• **Exercise prompt**
To complete this task, print all the data below exactly but leave out the images.

• **Exercise data**
--------------------------------
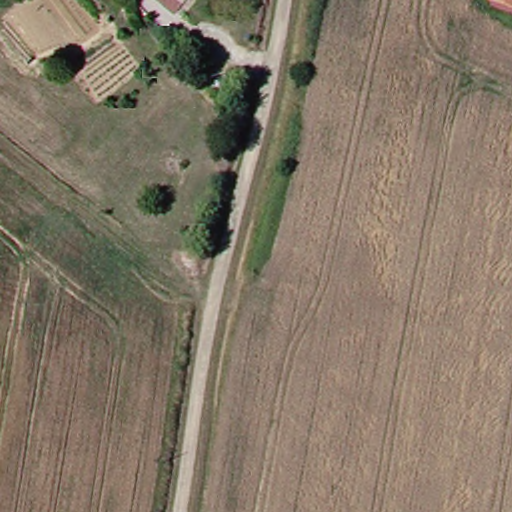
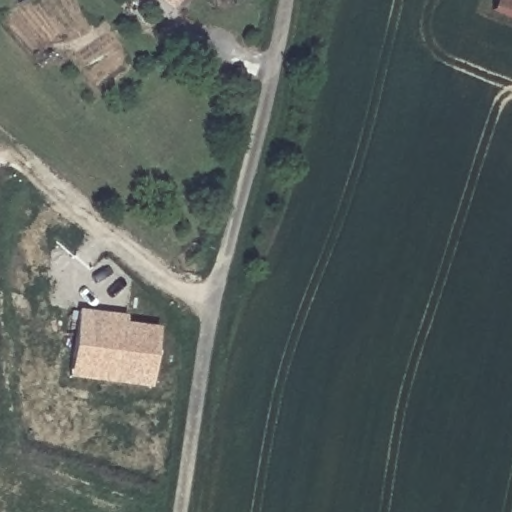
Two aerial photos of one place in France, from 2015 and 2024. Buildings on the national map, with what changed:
unchanged [(149,0),(175,0),(165,12),(149,0)]
unchanged [(490,0),(512,0),(512,22),(485,12),(490,0)]
new [(127,316),(126,323),(160,327),(151,390),(71,379),(81,310),(127,316)]

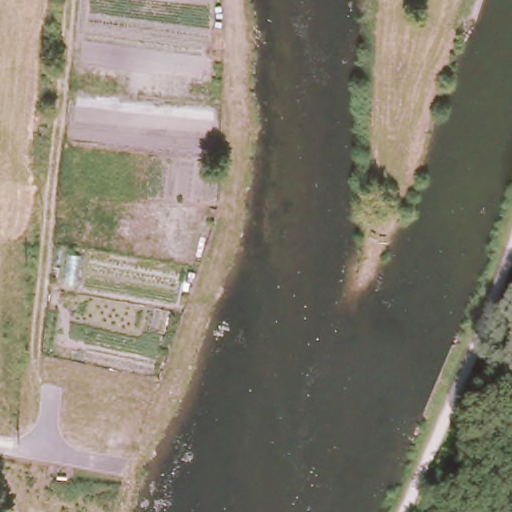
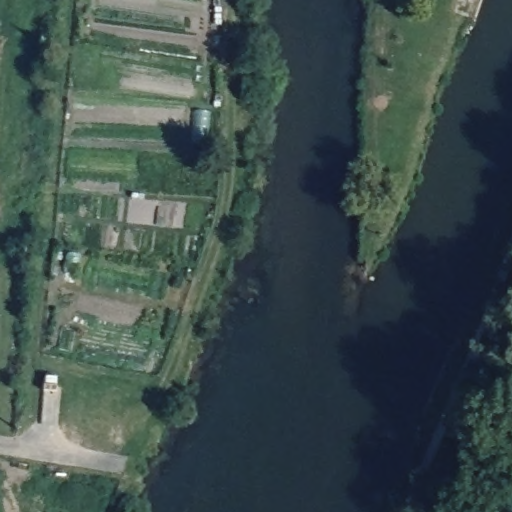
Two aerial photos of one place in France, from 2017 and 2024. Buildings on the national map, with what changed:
[]

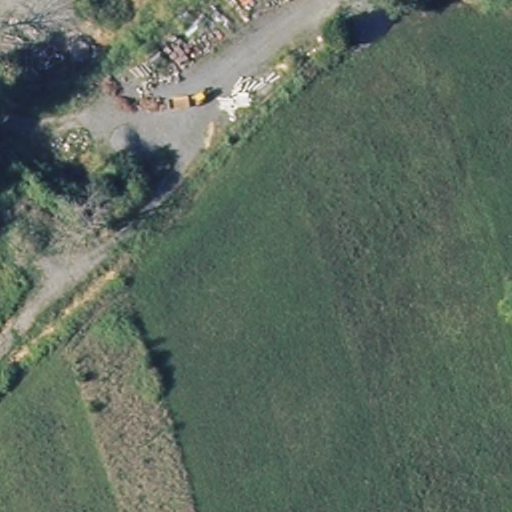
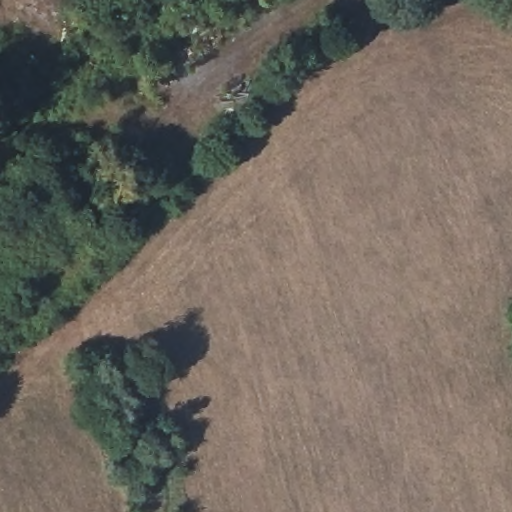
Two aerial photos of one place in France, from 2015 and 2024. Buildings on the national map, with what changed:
[]

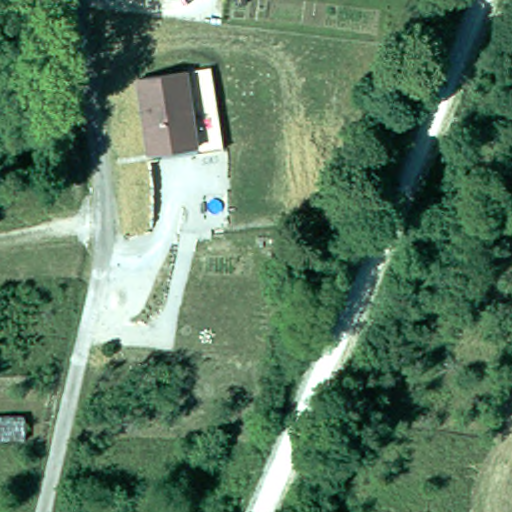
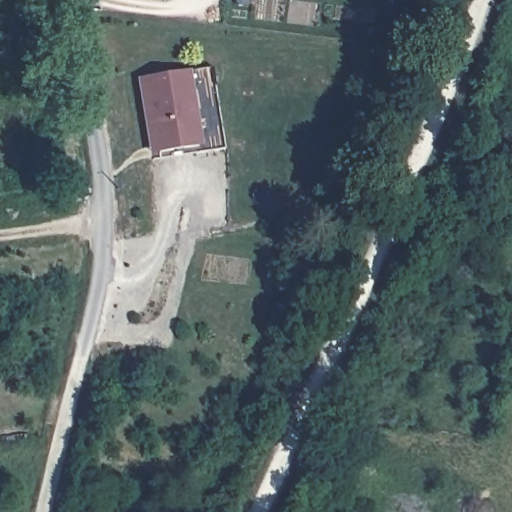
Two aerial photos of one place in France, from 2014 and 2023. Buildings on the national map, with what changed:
unchanged [(208,69),(221,151),(149,163),(146,149),(135,81),(208,69)]

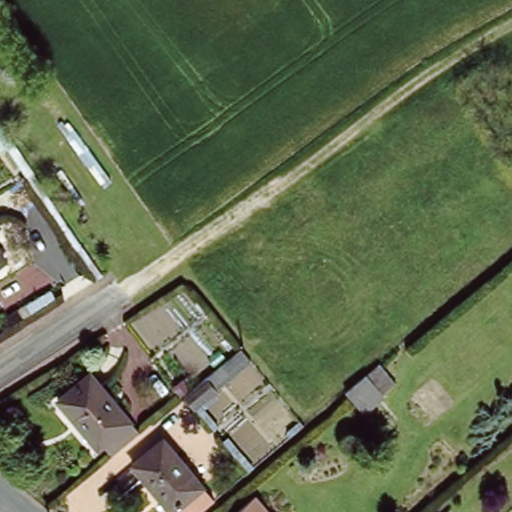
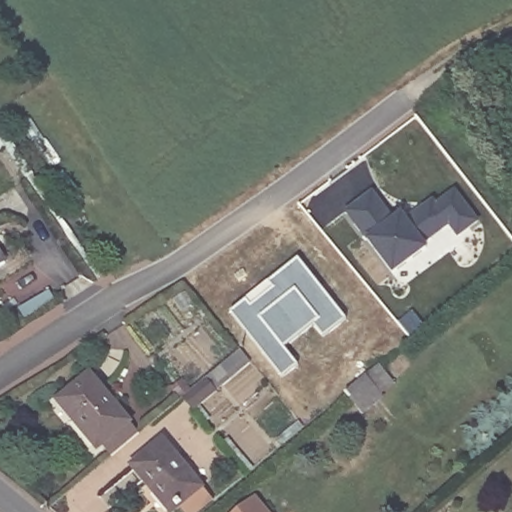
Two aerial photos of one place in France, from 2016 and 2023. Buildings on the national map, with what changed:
unchanged [(0,119),(32,168),(25,174),(6,144),(0,148),(0,119)]
new [(458,239),(450,227),(430,247),(393,275),(367,240),(369,238),(347,213),(375,192),(397,217),(402,212),(408,220),(434,197),(439,203),(457,189),(481,221),(458,239)]
unchanged [(0,265),(0,259),(3,263),(0,265)]
new [(246,298),(250,305),(272,287),(267,283),(296,260),(344,320),(322,336),(312,323),(284,345),(297,363),(281,376),(232,312),(246,298)]
new [(216,365),(235,348),(239,346),(253,362),(194,412),(190,407),(180,395),(202,376),(216,365)]
demolished [(242,357),(222,373),(216,365),(235,348),(242,357)]
unchanged [(96,438),(94,440),(73,413),(71,416),(52,393),(84,367),(124,416),(134,427),(106,451),(96,438)]
demolished [(202,376),(212,388),(190,407),(180,395),(202,376)]
unchanged [(344,388),(359,376),(377,397),(356,414),(338,393),(344,388)]
unchanged [(132,463),(162,438),(202,486),(171,512),(132,463)]
unchanged [(257,500),(267,512),(243,512),(257,500)]

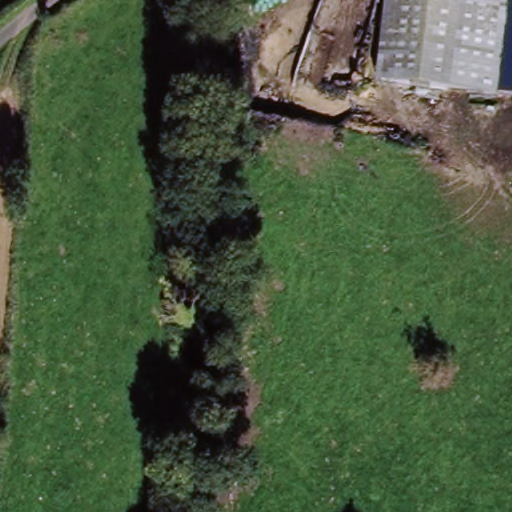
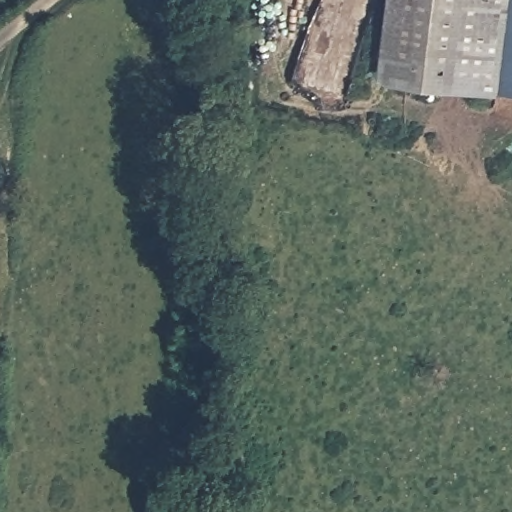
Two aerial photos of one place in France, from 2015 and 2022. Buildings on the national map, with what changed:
unchanged [(399,80),(404,0),(505,0),(500,86),(399,80)]
unchanged [(500,86),(505,0),(512,0),(512,89),(500,86)]

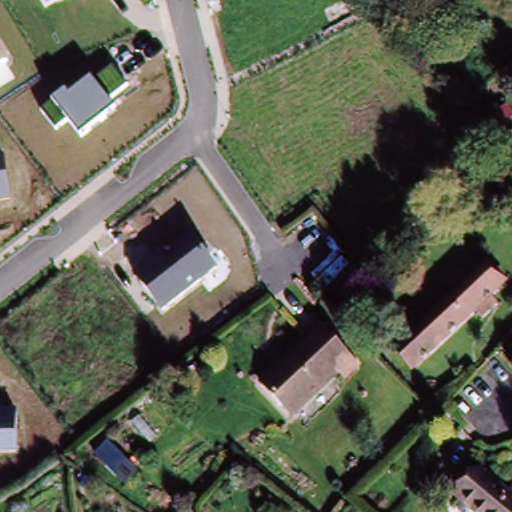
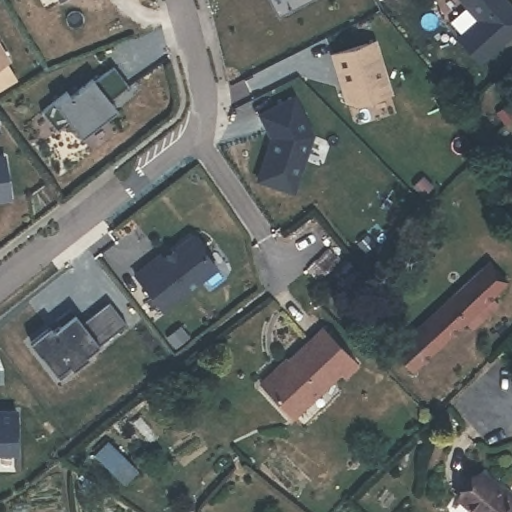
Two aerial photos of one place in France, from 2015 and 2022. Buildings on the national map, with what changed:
new [(512,9),(512,29),(482,57),(463,37),(484,17),(468,0),(503,0),(512,9)]
new [(374,41),(392,93),(358,104),(349,102),(333,55),(374,41)]
unchanged [(0,65),(0,46),(8,60),(0,65)]
unchanged [(55,101),(66,92),(69,95),(92,78),(113,67),(125,84),(106,98),(114,109),(81,136),(69,119),(56,129),(43,110),(55,101)]
demolished [(389,94),(402,111),(414,105),(426,128),(394,153),(366,107),(389,94)]
new [(273,137),(261,115),(291,97),(311,134),(293,190),(259,177),(269,146),(273,137)]
unchanged [(12,201),(0,203),(0,155),(6,154),(12,201)]
unchanged [(134,275),(192,234),(218,267),(162,312),(134,275)]
unchanged [(398,357),(432,323),(427,317),(448,298),(453,303),(481,277),(489,267),(499,277),(497,282),(504,291),(499,296),(417,377),(398,357)]
new [(52,370),(33,346),(52,331),(55,335),(63,329),(58,323),(73,312),(82,324),(109,303),(128,326),(88,357),(89,360),(74,372),(61,382),(52,370)]
unchanged [(342,382),(336,377),(291,424),(261,394),(316,337),(352,372),(342,382)]
unchanged [(18,452),(0,453),(0,410),(16,410),(18,452)]
unchanged [(478,473),(512,503),(512,512),(463,512),(453,503),(478,473)]

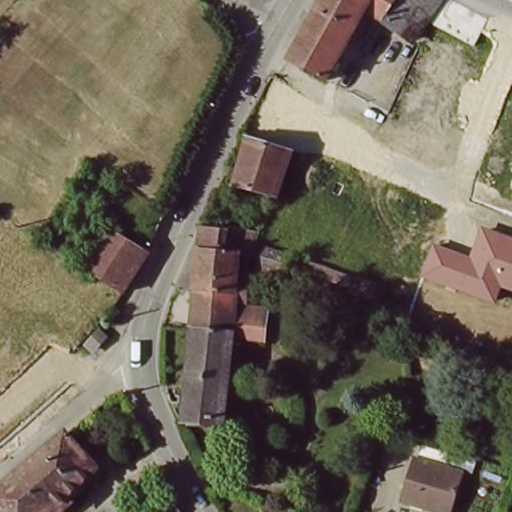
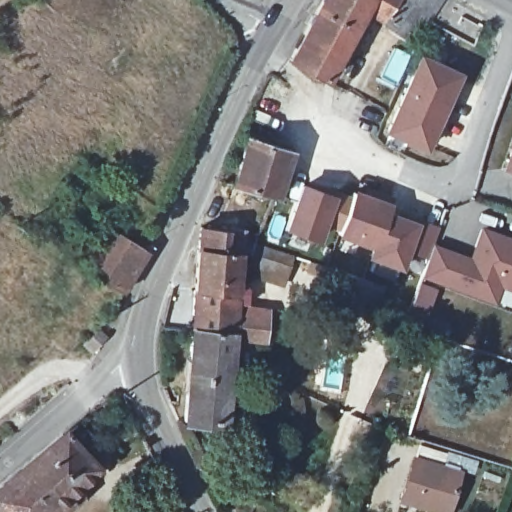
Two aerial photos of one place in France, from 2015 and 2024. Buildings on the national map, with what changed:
unchanged [(412,36),(362,9),(325,78),(288,58),(319,0),(432,0),(412,36)]
demolished [(453,9),(476,22),(466,42),(442,28),(453,9)]
new [(421,53),(463,73),(427,152),(384,132),(421,53)]
unchanged [(281,149),(290,152),(278,182),(274,193),(270,202),(241,192),(231,188),(246,138),(281,149)]
new [(512,145),(512,174),(503,170),(512,145)]
demolished [(432,159),(458,170),(448,193),(421,184),(432,159)]
new [(301,184),(315,188),(316,182),(353,195),(355,190),(393,202),(391,211),(439,225),(435,244),(430,259),(410,253),(405,269),(367,257),(370,248),(325,229),(321,241),(286,230),(301,184)]
unchanged [(129,289),(127,291),(126,293),(125,292),(86,266),(109,225),(149,250),(129,289)]
unchanged [(236,270),(236,281),(236,288),(236,296),(193,289),(201,231),(201,225),(244,233),(261,237),(257,245),(251,257),(240,254),(238,260),(236,268),(236,270)]
unchanged [(501,288),(494,304),(424,278),(435,244),(470,255),(480,228),(512,239),(512,292),(501,288)]
unchanged [(251,269),(255,258),(262,239),(264,239),(291,249),(284,268),(280,278),(251,269)]
unchanged [(221,426),(178,420),(186,349),(188,332),(193,289),(236,296),(236,288),(238,284),(249,289),(246,307),(264,312),(259,345),(231,340),(228,363),(221,426)]
unchanged [(86,345),(98,332),(106,339),(102,344),(100,342),(91,350),(86,345)]
unchanged [(43,452),(46,450),(68,433),(97,470),(65,500),(72,507),(66,512),(57,512),(55,509),(51,512),(0,512),(0,485),(10,478),(43,452)]
unchanged [(400,499),(411,460),(422,463),(456,473),(447,505),(445,512),(441,512),(420,505),(400,499)]

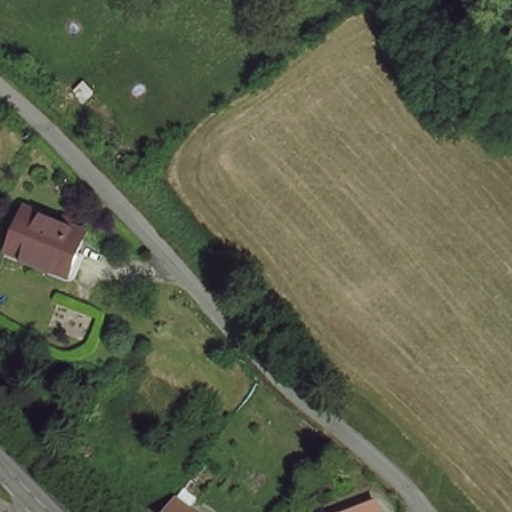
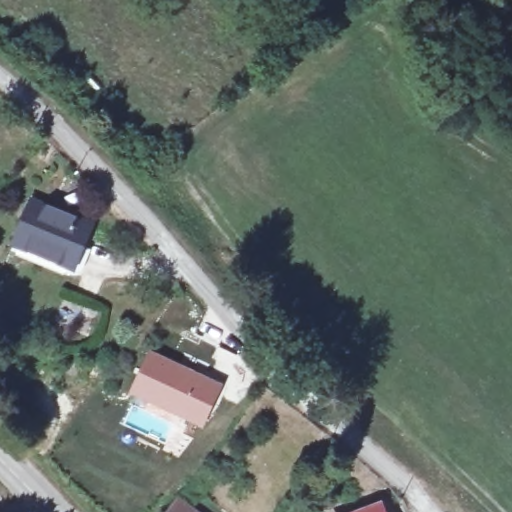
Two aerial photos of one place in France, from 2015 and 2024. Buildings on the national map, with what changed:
unchanged [(65,216),(67,210),(76,214),(75,220),(88,224),(71,267),(13,244),(28,204),(65,216)]
new [(148,349),(225,382),(205,428),(128,393),(148,349)]
unchanged [(364,512),(383,503),(387,512),(364,512)]
unchanged [(177,512),(170,512),(172,508),(177,512)]

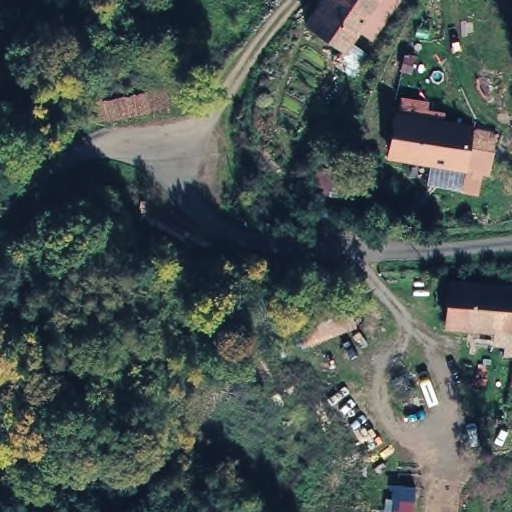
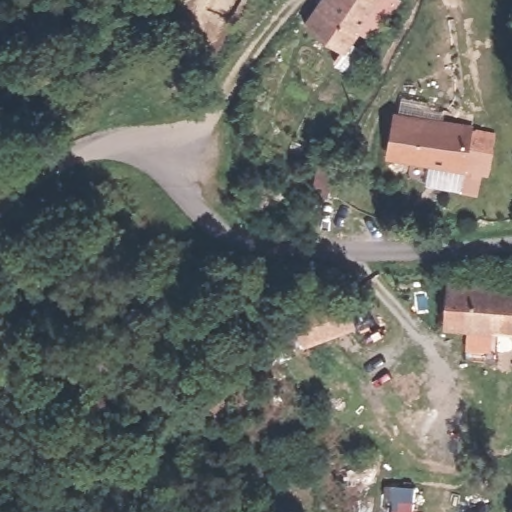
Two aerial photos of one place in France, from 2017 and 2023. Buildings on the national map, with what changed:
unchanged [(331,41),(296,15),(308,0),(362,0),(341,29),(359,44),(341,66),(323,51),(331,41)]
unchanged [(471,122),(459,172),(386,156),(397,107),(471,122)]
unchanged [(512,334),(439,326),(443,280),(512,287),(512,334)]

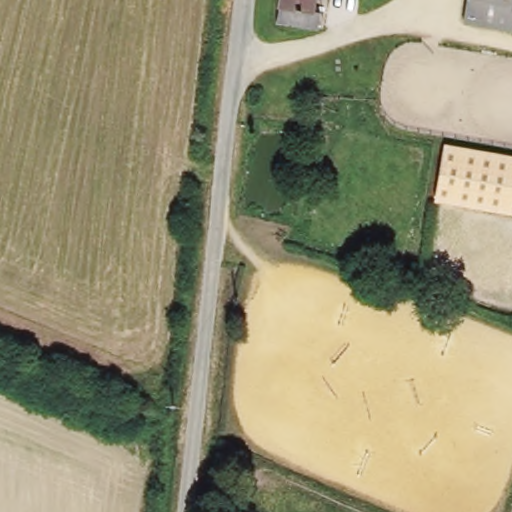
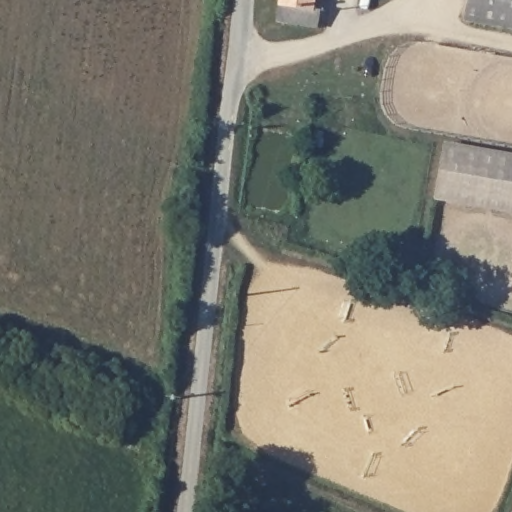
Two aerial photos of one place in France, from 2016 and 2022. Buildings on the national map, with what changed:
unchanged [(318,10),(316,29),(274,21),(278,0),(313,0),(312,9),(318,10)]
unchanged [(464,0),(512,0),(512,23),(462,14),(464,0)]
unchanged [(512,156),(512,213),(435,200),(445,144),(512,156)]
--------------------------------
• **Response**
Two aerial photos of one place in France, from 2015 and 2024. Buildings on the national map, with what changed:
unchanged [(149,0),(175,0),(165,12),(149,0)]
unchanged [(490,0),(512,0),(512,22),(485,12),(490,0)]
new [(127,316),(126,323),(160,327),(151,390),(71,379),(81,310),(127,316)]

Two aerial photos of one place in France, from 2017 and 2024. Buildings on the national map, with what changed:
[]

Two aerial photos of one place in France, from 2015 and 2024. Buildings on the national map, with what changed:
[]

Two aerial photos of one place in France, from 2014 and 2023. Buildings on the national map, with what changed:
unchanged [(208,69),(221,151),(149,163),(146,149),(135,81),(208,69)]

Two aerial photos of one place in France, from 2016 and 2023. Buildings on the national map, with what changed:
unchanged [(0,119),(32,168),(25,174),(6,144),(0,148),(0,119)]
new [(458,239),(450,227),(430,247),(393,275),(367,240),(369,238),(347,213),(375,192),(397,217),(402,212),(408,220),(434,197),(439,203),(457,189),(481,221),(458,239)]
unchanged [(0,265),(0,259),(3,263),(0,265)]
new [(246,298),(250,305),(272,287),(267,283),(296,260),(344,320),(322,336),(312,323),(284,345),(297,363),(281,376),(232,312),(246,298)]
new [(216,365),(235,348),(239,346),(253,362),(194,412),(190,407),(180,395),(202,376),(216,365)]
demolished [(242,357),(222,373),(216,365),(235,348),(242,357)]
unchanged [(96,438),(94,440),(73,413),(71,416),(52,393),(84,367),(124,416),(134,427),(106,451),(96,438)]
demolished [(202,376),(212,388),(190,407),(180,395),(202,376)]
unchanged [(344,388),(359,376),(377,397),(356,414),(338,393),(344,388)]
unchanged [(132,463),(162,438),(202,486),(171,512),(132,463)]
unchanged [(257,500),(267,512),(243,512),(257,500)]

Two aerial photos of one place in France, from 2015 and 2022. Buildings on the national map, with what changed:
unchanged [(399,80),(404,0),(505,0),(500,86),(399,80)]
unchanged [(500,86),(505,0),(512,0),(512,89),(500,86)]

Two aerial photos of one place in France, from 2015 and 2022. Buildings on the national map, with what changed:
new [(512,9),(512,29),(482,57),(463,37),(484,17),(468,0),(503,0),(512,9)]
new [(374,41),(392,93),(358,104),(349,102),(333,55),(374,41)]
unchanged [(0,65),(0,46),(8,60),(0,65)]
unchanged [(55,101),(66,92),(69,95),(92,78),(113,67),(125,84),(106,98),(114,109),(81,136),(69,119),(56,129),(43,110),(55,101)]
demolished [(389,94),(402,111),(414,105),(426,128),(394,153),(366,107),(389,94)]
new [(273,137),(261,115),(291,97),(311,134),(293,190),(259,177),(269,146),(273,137)]
unchanged [(12,201),(0,203),(0,155),(6,154),(12,201)]
unchanged [(134,275),(192,234),(218,267),(162,312),(134,275)]
unchanged [(398,357),(432,323),(427,317),(448,298),(453,303),(481,277),(489,267),(499,277),(497,282),(504,291),(499,296),(417,377),(398,357)]
new [(52,370),(33,346),(52,331),(55,335),(63,329),(58,323),(73,312),(82,324),(109,303),(128,326),(88,357),(89,360),(74,372),(61,382),(52,370)]
unchanged [(342,382),(336,377),(291,424),(261,394),(316,337),(352,372),(342,382)]
unchanged [(18,452),(0,453),(0,410),(16,410),(18,452)]
unchanged [(478,473),(512,503),(512,512),(463,512),(453,503),(478,473)]

Two aerial photos of one place in France, from 2015 and 2024. Buildings on the national map, with what changed:
unchanged [(412,36),(362,9),(325,78),(288,58),(319,0),(432,0),(412,36)]
demolished [(453,9),(476,22),(466,42),(442,28),(453,9)]
new [(421,53),(463,73),(427,152),(384,132),(421,53)]
unchanged [(281,149),(290,152),(278,182),(274,193),(270,202),(241,192),(231,188),(246,138),(281,149)]
new [(512,145),(512,174),(503,170),(512,145)]
demolished [(432,159),(458,170),(448,193),(421,184),(432,159)]
new [(301,184),(315,188),(316,182),(353,195),(355,190),(393,202),(391,211),(439,225),(435,244),(430,259),(410,253),(405,269),(367,257),(370,248),(325,229),(321,241),(286,230),(301,184)]
unchanged [(129,289),(127,291),(126,293),(125,292),(86,266),(109,225),(149,250),(129,289)]
unchanged [(236,270),(236,281),(236,288),(236,296),(193,289),(201,231),(201,225),(244,233),(261,237),(257,245),(251,257),(240,254),(238,260),(236,268),(236,270)]
unchanged [(501,288),(494,304),(424,278),(435,244),(470,255),(480,228),(512,239),(512,292),(501,288)]
unchanged [(251,269),(255,258),(262,239),(264,239),(291,249),(284,268),(280,278),(251,269)]
unchanged [(221,426),(178,420),(186,349),(188,332),(193,289),(236,296),(236,288),(238,284),(249,289),(246,307),(264,312),(259,345),(231,340),(228,363),(221,426)]
unchanged [(86,345),(98,332),(106,339),(102,344),(100,342),(91,350),(86,345)]
unchanged [(43,452),(46,450),(68,433),(97,470),(65,500),(72,507),(66,512),(57,512),(55,509),(51,512),(0,512),(0,485),(10,478),(43,452)]
unchanged [(400,499),(411,460),(422,463),(456,473),(447,505),(445,512),(441,512),(420,505),(400,499)]

Two aerial photos of one place in France, from 2015 and 2024. Buildings on the national map, with what changed:
unchanged [(65,216),(67,210),(76,214),(75,220),(88,224),(71,267),(13,244),(28,204),(65,216)]
new [(148,349),(225,382),(205,428),(128,393),(148,349)]
unchanged [(364,512),(383,503),(387,512),(364,512)]
unchanged [(177,512),(170,512),(172,508),(177,512)]

Two aerial photos of one place in France, from 2017 and 2023. Buildings on the national map, with what changed:
unchanged [(331,41),(296,15),(308,0),(362,0),(341,29),(359,44),(341,66),(323,51),(331,41)]
unchanged [(471,122),(459,172),(386,156),(397,107),(471,122)]
unchanged [(512,334),(439,326),(443,280),(512,287),(512,334)]

Two aerial photos of one place in France, from 2016 and 2022. Buildings on the national map, with what changed:
unchanged [(318,10),(316,29),(274,21),(278,0),(313,0),(312,9),(318,10)]
unchanged [(464,0),(512,0),(512,23),(462,14),(464,0)]
unchanged [(512,156),(512,213),(435,200),(445,144),(512,156)]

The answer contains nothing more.